You may be bracing at this point for shocking revelations, lies and plot twists. They’re there, but from the second Regression starts, you realise you’re watching something a tad different from what’s expected. Immediately you’re bombarded with a message that the film is based on true events, and it’s about secret Satanic cults.

From this point, Regression’s tone is set. It’s dark, it’s unsettling and it’s emotionally intense. Or, rather, it tries to be these things.


Certainly the movie delivers some very disturbing imagery as it strains to establish itself as a paranoia-driven supernatural tale akin to Rosemary’s Baby. The problem is that things never seem to really go anywhere, just like Hawke’s investigation in the film. He can’t find any concrete proof of the Satanists, and the movie sets into a spiral of mounting self-doubt, distrust and hysteria. As this cycle repeats for multiple characters, it becomes tedious. This is especially true if you’re a genre-savvy viewer waiting for the inevitable reveal that will cause everything to make sense, and once more ground all the paranormal nonsense in reality.

Regression isn’t without pedigree. Hawke and Watson give committed performances, and the supporting cast – including David Thewlis as a psychologist – provide strong backup. Then there’s The Others’ Alejandro Amenábar behind the camera as director and writer.

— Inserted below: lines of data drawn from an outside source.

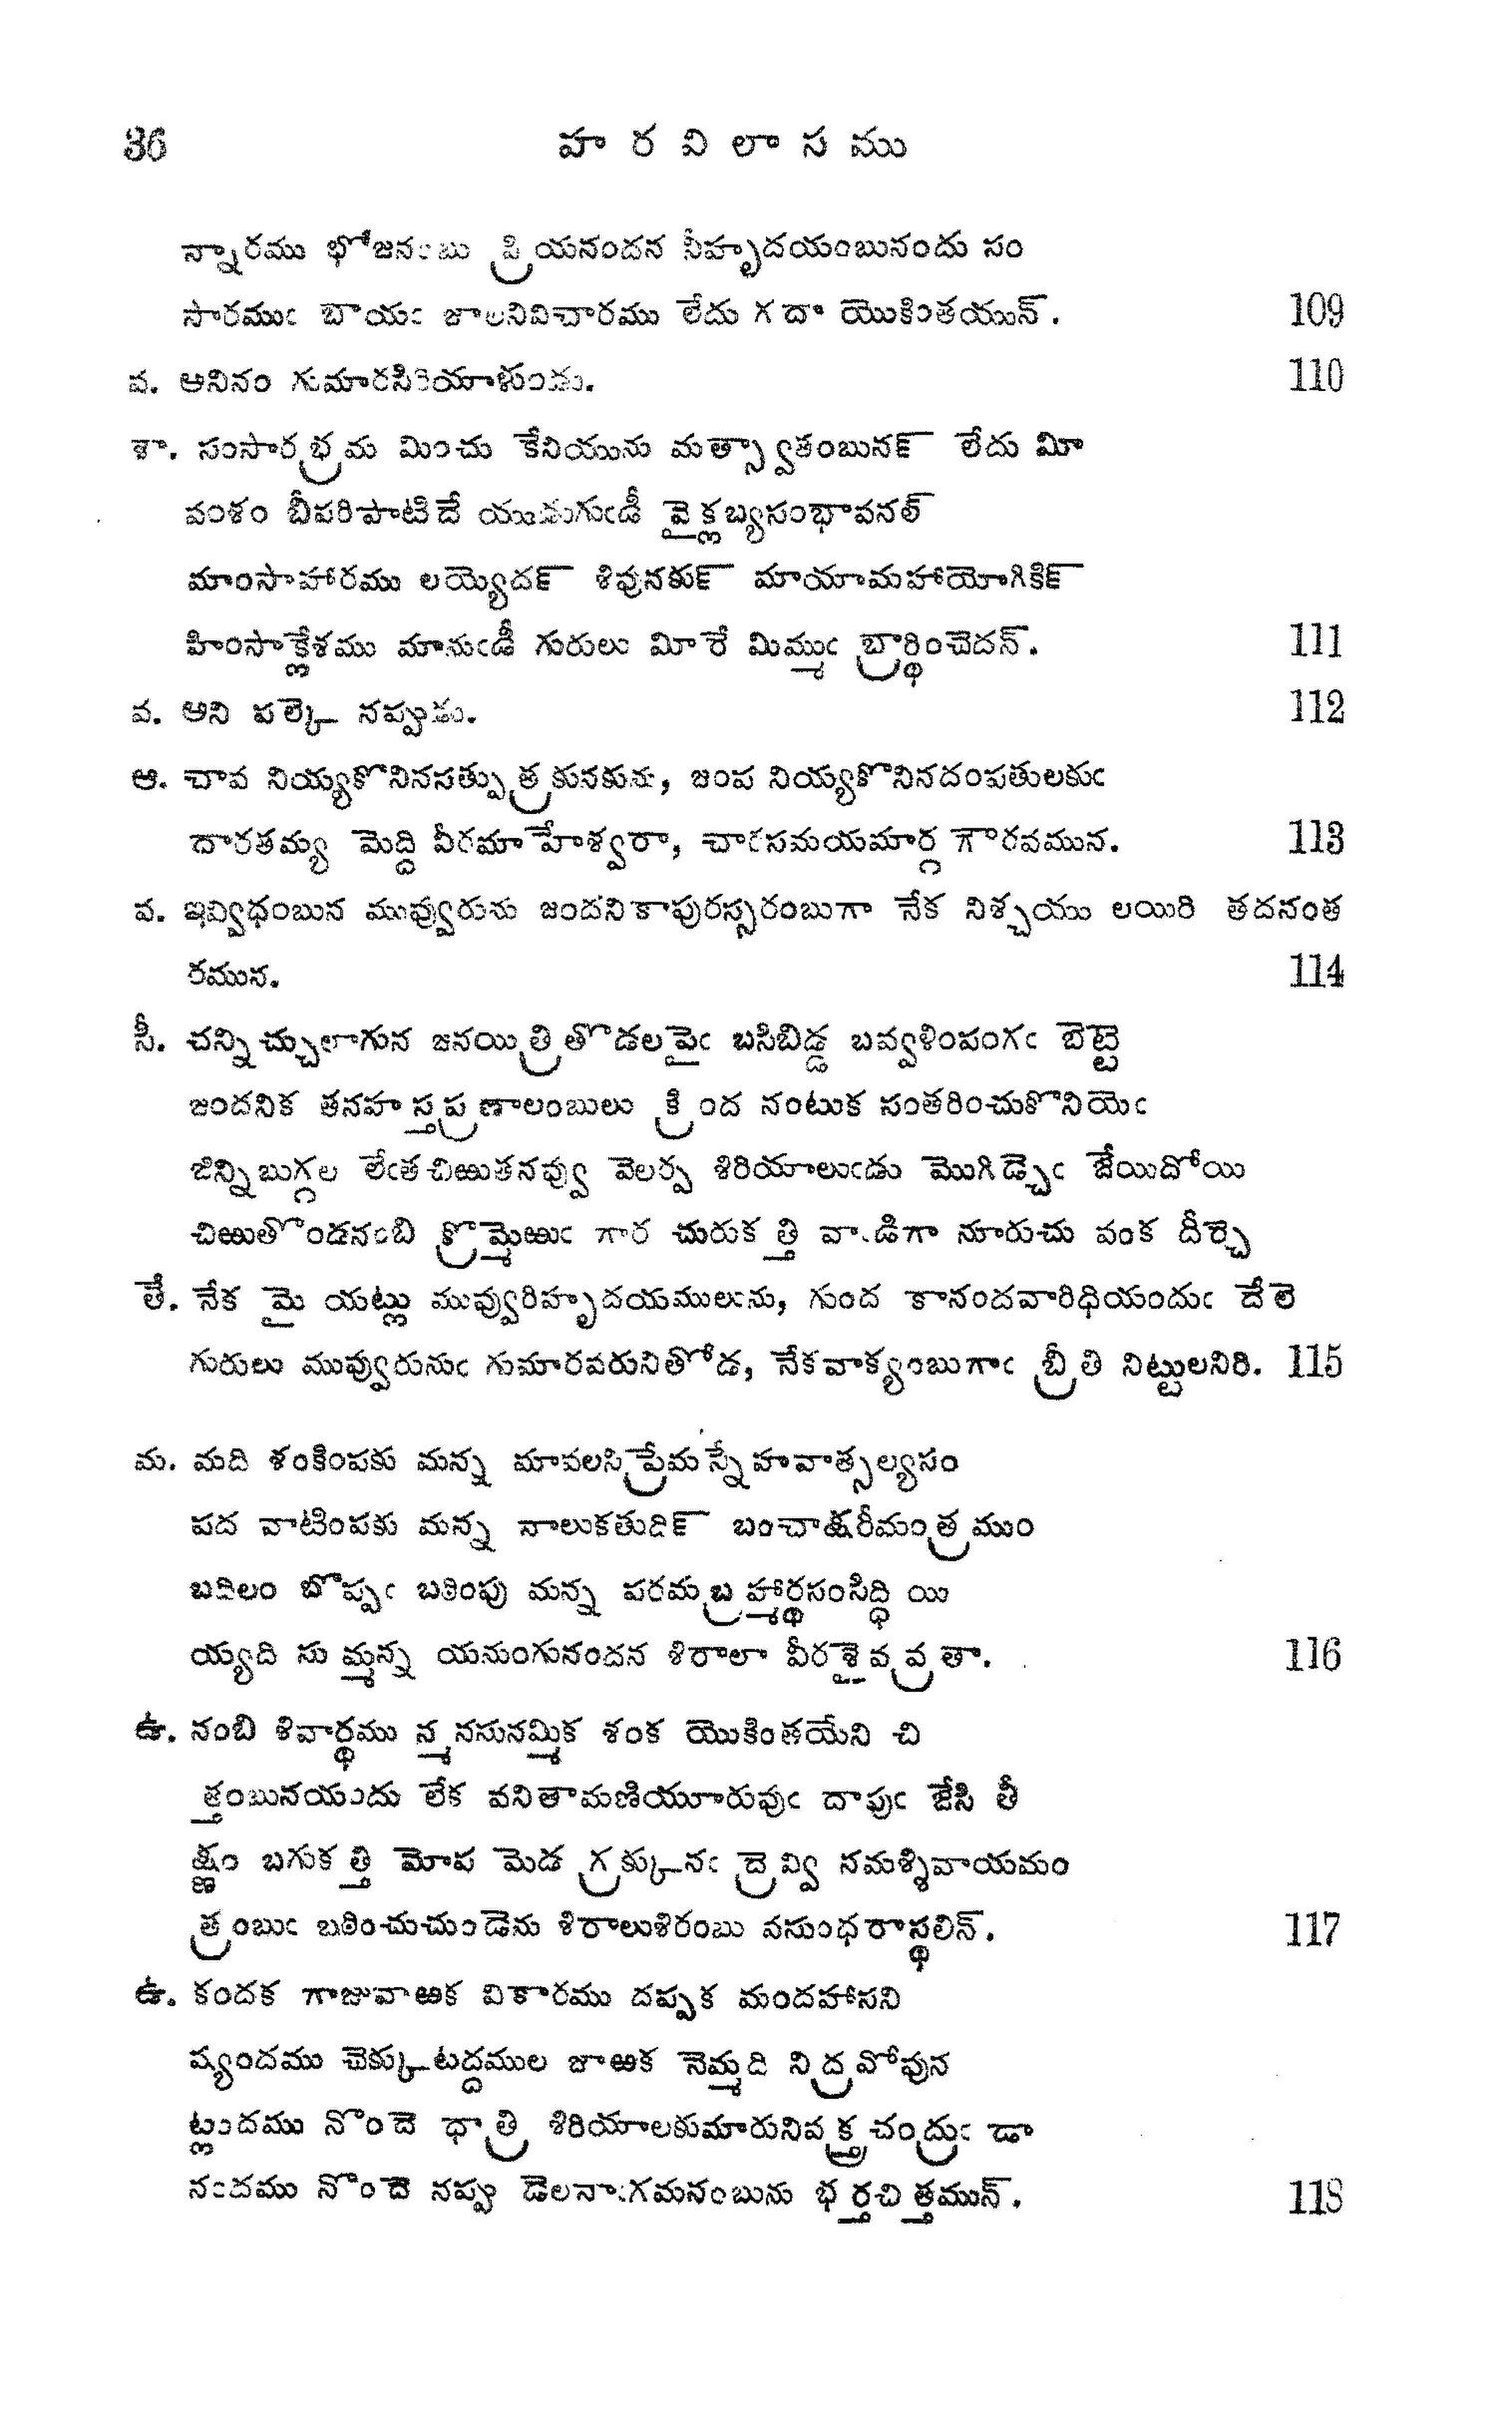న్నారము భోజనంబు ప్రియనందన నీహృదయంబునందు సం
సారముఁ బాయఁజాలని విచారము లేదు గదా యొకింతయున్. 109

వ. అనినం గుమారసిరియాళుండు. 110

శా. సంసారభ్రమ మించుకేనియును మత్స్వాతంబున్ లేదు మీ
వంశం బీపరిపాటిదే యుడుగుఁడీ వైక్లబ్యసంభావనల్
మాంసాహారము లయ్యెదన్ శివునకున్ మాయామహాయోగికిన్
హింసాక్లేశము మానుఁడీ గురులు మీరే మిమ్ముఁ బ్రార్థించెదన్. 111

వ. అని పల్కె నప్పుడు. 112

ఆ. చావ నియ్యకొనినసత్పుత్రకునకును, జంప నియ్యకొనినదంపతులకుఁ
దారతమ్య మెద్ది వీరమాహేశ్వరా, చారసమయమార్గగౌరవమున. 113

వ. ఇవ్విధంబున మువ్వురును జందనికాపురస్సరంబుగా నేకనిశ్చయు లయిరి తదనంతరమున. 114

సీ. చన్నిచ్చులాగున జనయిత్రి తొడలపైఁ బసిబిడ్డ బవ్వళింపంగఁ బెట్టె
జందనిక తనహస్తప్రణాలంబులు క్రింద నంటుక సంతరించుకొనియెఁ
జిన్నిబుగ్గల లేఁతచిఱుతనవ్వు వెలర్ప శిరియాలుఁడు మొగిడ్చెఁ జేయిదోయి
చిఱుతొండనంబి క్రొమ్మెఱుఁ గార చురుకత్తి వాఁడిగా నూరుచు వంక దీర్చె
తే. నేకమై యట్లు మువ్వురిహృదయములును, గుంద కానందవారిధియందుఁ దేలె
గురులు మువ్వురునుఁ గుమారవరునితోడ, నేకవాక్యంబుగాఁ బ్రీతి నిట్టులనిరి. 115

మ. మది శంకింపకు మన్న మావలనిప్రేమస్నేహవాత్సల్యసం
పద వాటింపకు మన్న నాలుకతుదిక్ బంచాక్షరీమంత్రముం
బదిలం బొప్పఁ బఠింపు మన్న పరమబ్రహ్మార్థసంసిద్ధి యి
య్యది సుమ్మన్న యనుంగునందన శిరాలా వీరశైవవ్రతా. 116

ఉ. నంబి శివార్థము న్ననసునమ్మిక శంక యొకింతయేని చి
త్తంబునయందు లేక వనితామణియూరువుఁ దాపుఁ జేసి తీ
క్ష్ణం బగుకత్తి మోప మెడ గ్రక్కునఁ ద్రెవ్వి నమశ్శివాయమం
త్రంబుఁ బఠించుచుండెను శిరాలుశిరంబు వసుంధరాస్థలిన్. 117

ఉ. కందక గాజువాఱక వికారము దప్పక మందహాసని
ష్యందము చెక్కుటద్దముల జాఱక నెమ్మది నిద్రవోవున
ట్లందము నొందె ధాత్రి శిరియాలకుమారునివక్త్రచంద్రుఁ డా
నందము నొందె నప్పు డెలనాఁగమనంబును భర్తచిత్తమున్. 118

It’s clear what Amenábar is trying to do with Regression. It’s pretty much a comment on collective hysteria, and how self-destructive fear stemming from Faith can be. However, as in his last big release, Agora – which laid into religion as limiting human progress – Amenábar delivers his message with a sledgehammer. Forget regression. As the director stresses his point over and over AND OVER, all you want as an already-sceptical viewer is story progression.

Ultimately, Regression is a decent enough watch. It’s interesting, and if you like the stars you’ll want to see it. It’s just a pity that for all the intrigue it offers, it becomes so quickly tiresome. Mediocre.

Regression is out now on Ster Kinekor DVD.